Table 7. Performance of meta-predictors using preprocess-I transformation under multi-fold cross validation and in independent dataset.
Predictor | Dataset | SENS | SPEC | ACC | MCC |
---|---|---|---|---|---|
Meta-I-4S | D163* | 93.3 ± 2.8% | 98.8 ± 1.6% | 96.1 ± 2.2% | 0.92 ± 0.04 |
D1679** | 88.1 ± 2.4% | 92.9 ± 0.1% | 89.5 ± 1.7% | 0.76 ± 0.03 | |
Meta-I-5L | D1679* | 79.4 ± 4.4% | 94.0 ± 1.3% | 86.6 ± 1.6% | 0.74 ± 0.03 |
D163** | 98.9 ± 0.4% | 93.2 ± 3.3% | 96.0 ± 1.4% | 0.92 ± 0.03 |
(*) Meta-I-4S is composed of four individual predictors: MiPred, miReNA, MiRPara, and ProMiR. The predictor was optimized in the D163 dataset using three-fold cross validation; Meta-I-5L is composed of five individual predictors: MiPred, miReNA, MiRPara, ProMiR, and TripSVM. It was trained in the D1679 dataset using five-fold cross validation.

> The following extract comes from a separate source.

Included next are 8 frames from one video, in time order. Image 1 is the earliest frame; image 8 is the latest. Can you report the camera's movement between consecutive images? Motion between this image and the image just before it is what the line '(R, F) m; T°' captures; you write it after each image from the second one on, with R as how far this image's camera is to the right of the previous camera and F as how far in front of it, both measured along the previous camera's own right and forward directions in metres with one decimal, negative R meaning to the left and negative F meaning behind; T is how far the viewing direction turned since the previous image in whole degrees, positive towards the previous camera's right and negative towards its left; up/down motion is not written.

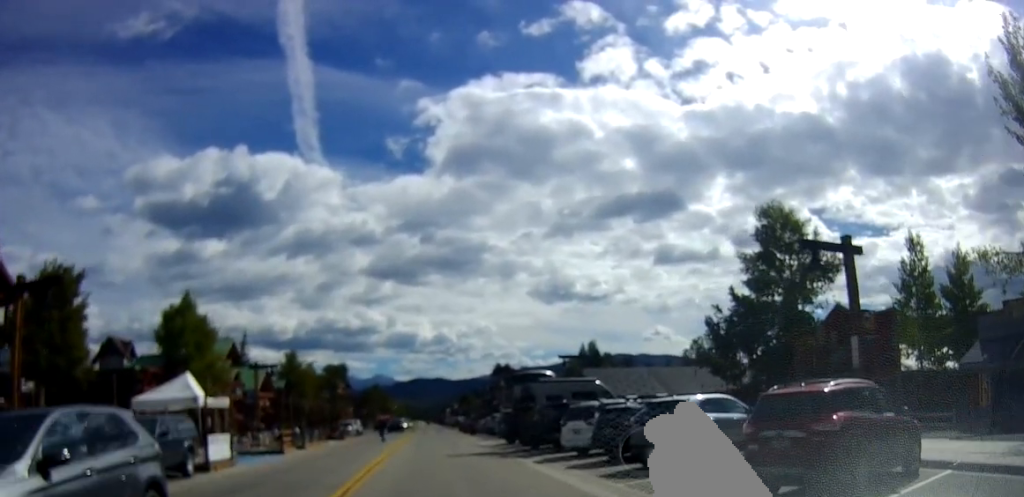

(**) The performance of these two predictors in independent dataset, which was D1679 for Meta-I-4S and D163 for Meta-I-5L, was averaged over three- or five-iterations of prediction that correspond to three- or five-fold cross validation. Errors were standard errors calculated from either three- or five-iterations of prediction.